Bubbles in Solvent Microextraction: The Influence of Intentionally Introduced Bubbles on Extraction Efficiency

• Published in: Analytical chemistry (Washington) Vol. 83; no. 17; pp. 6713 - 6716
• Main Authors: Williams, D. Bradley G, George, Mosotho J, Meyer, Riaan, Marjanovic, Ljiljana
• Format: Journal Article
• Language: English
• Published: Washington, DC American Chemical Society 01.09.2011
• Subjects: Air; Analytical chemistry; Bubbles; Chemistry; Exact sciences and technology; Fruit - chemistry; Gas Chromatography-Mass Spectrometry - methods; Pesticides; Pesticides - analysis; Pesticides - isolation & purification; Phase transitions; Solution chemistry; Solvent extraction processes; Solvents - chemistry; Triazines - analysis; Triazines - isolation & purification; Water; Use; Pesticides; Matrix effect; Air; Concentration; Method; Solvent extraction; Droplet; Fruit juice; Certified reference material; Herbicide; Thin film; Chemical enrichment; Solid phase microextraction; Improvement; Sample preparation; Efficiency; Detection limit; Technique; Surface area; Solvent
• ISSN: 0003-2700; 1520-6882
• DOI: 10.1021/ac201323z

Significant improvements to microdrop extractions of triazine pesticides are realized by the intentional incorporation of an air bubble into the solvent microdroplet used in this microextraction technique.
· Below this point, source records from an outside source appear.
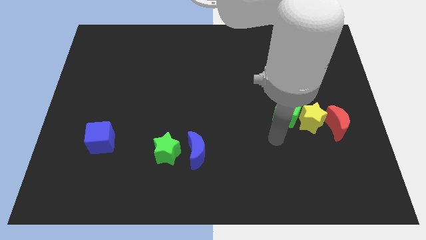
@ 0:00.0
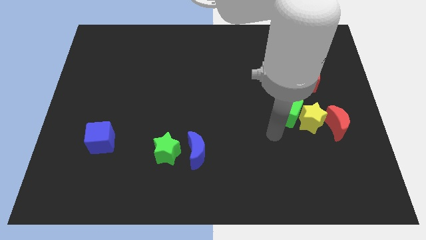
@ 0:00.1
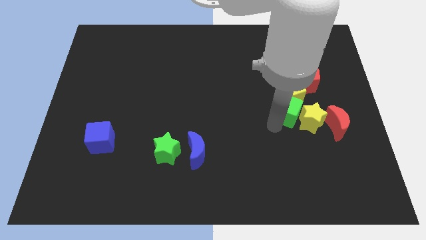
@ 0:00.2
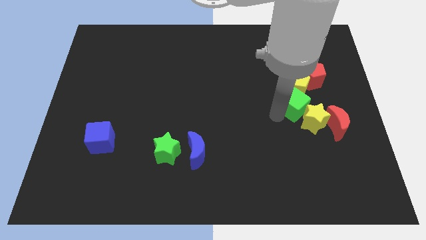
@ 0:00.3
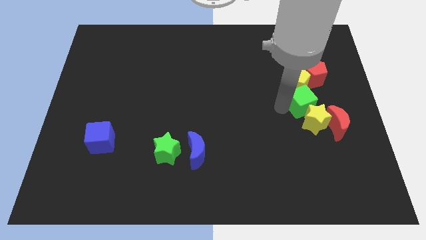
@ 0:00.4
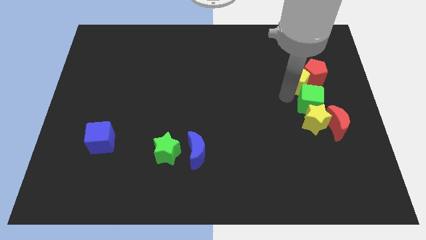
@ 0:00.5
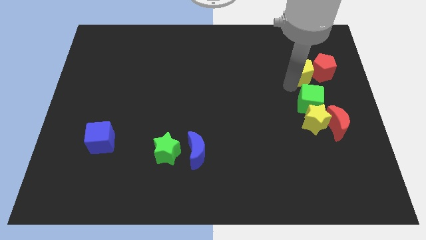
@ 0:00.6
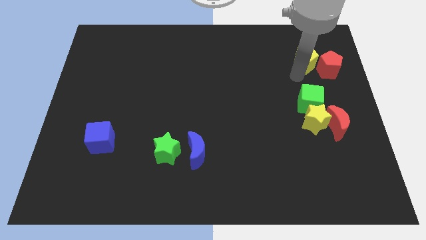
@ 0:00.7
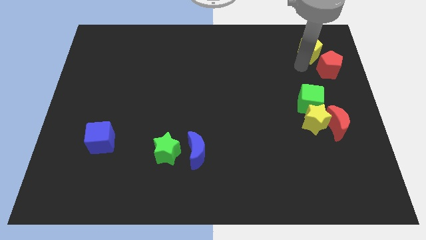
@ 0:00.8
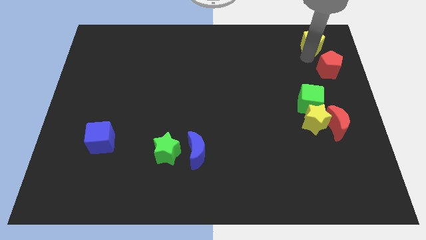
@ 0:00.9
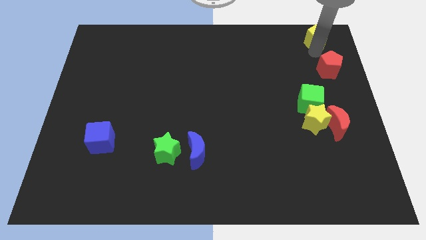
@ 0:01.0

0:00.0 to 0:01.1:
move the red pentagon away from the yellow pentagon

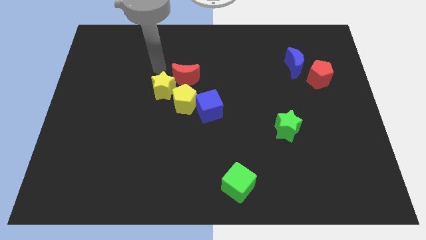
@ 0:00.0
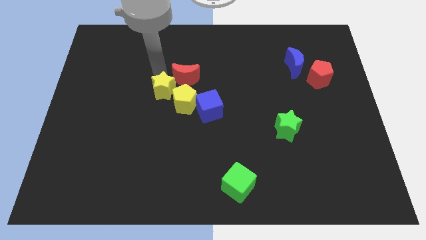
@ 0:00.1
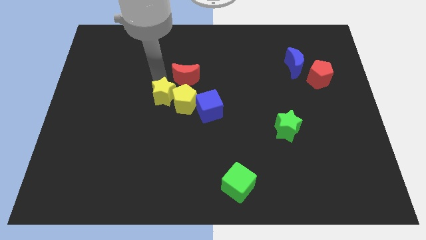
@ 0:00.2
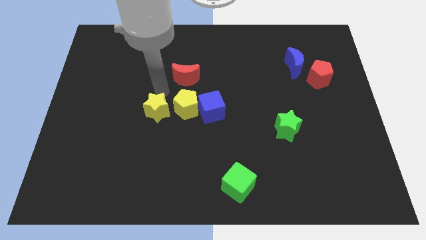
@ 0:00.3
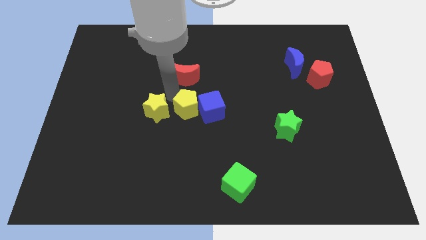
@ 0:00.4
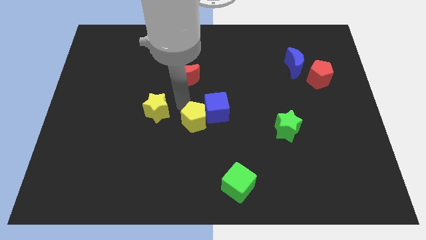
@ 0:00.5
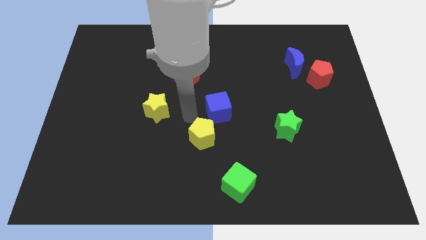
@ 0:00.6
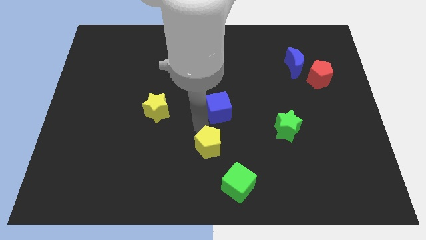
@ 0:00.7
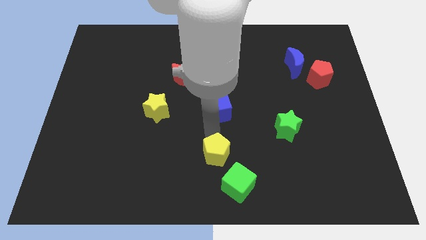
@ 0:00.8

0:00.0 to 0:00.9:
move the blue cube away from the yellow pentagon

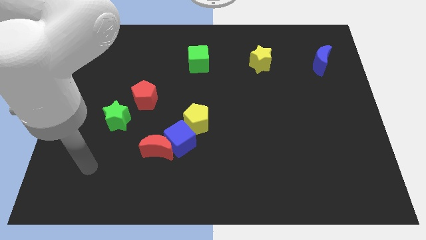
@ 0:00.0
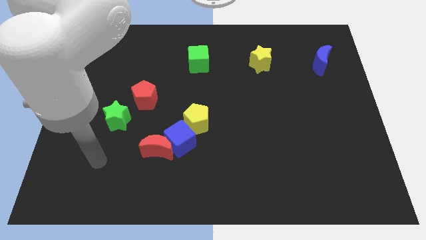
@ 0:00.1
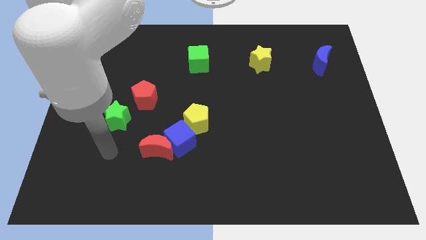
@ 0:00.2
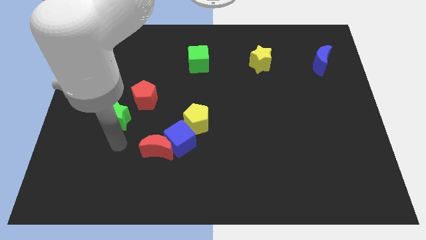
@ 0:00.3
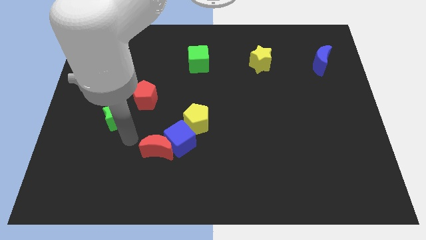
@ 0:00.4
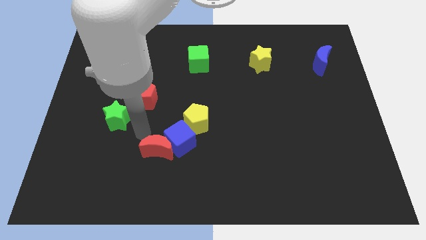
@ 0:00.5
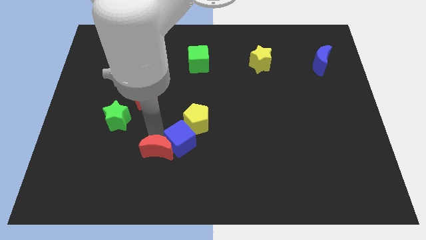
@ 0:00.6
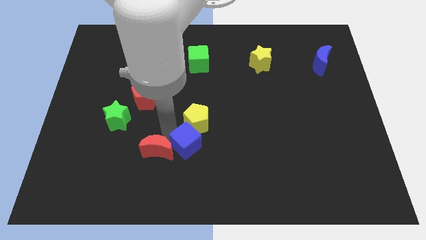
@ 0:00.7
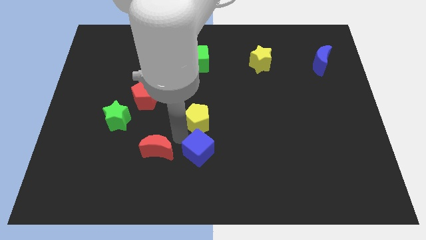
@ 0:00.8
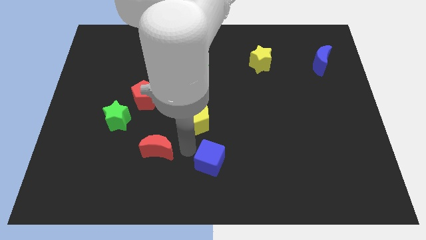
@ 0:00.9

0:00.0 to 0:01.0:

The increase is attributed partly to greater droplet surface area resulting from the air bubble being incorporated into the solvent droplet as opposed to it sitting thereon and partly to thin film phenomena. The method is useful at nanogram/liter levels (LOD 0.002–0.012 μg/L, LOQ 0.007–0.039 μg/L), is precise (7–12% at 10 μg/L concentration level), and is validated against certified reference materials containing 0.5 and 5.0 μg/L analyte. It tolerates water and fruit juice as matrixes without serious matrix effects. This new development brings a simple, inexpensive, and efficient preconcentration technique to bear which rivals solid phase microextraction methods.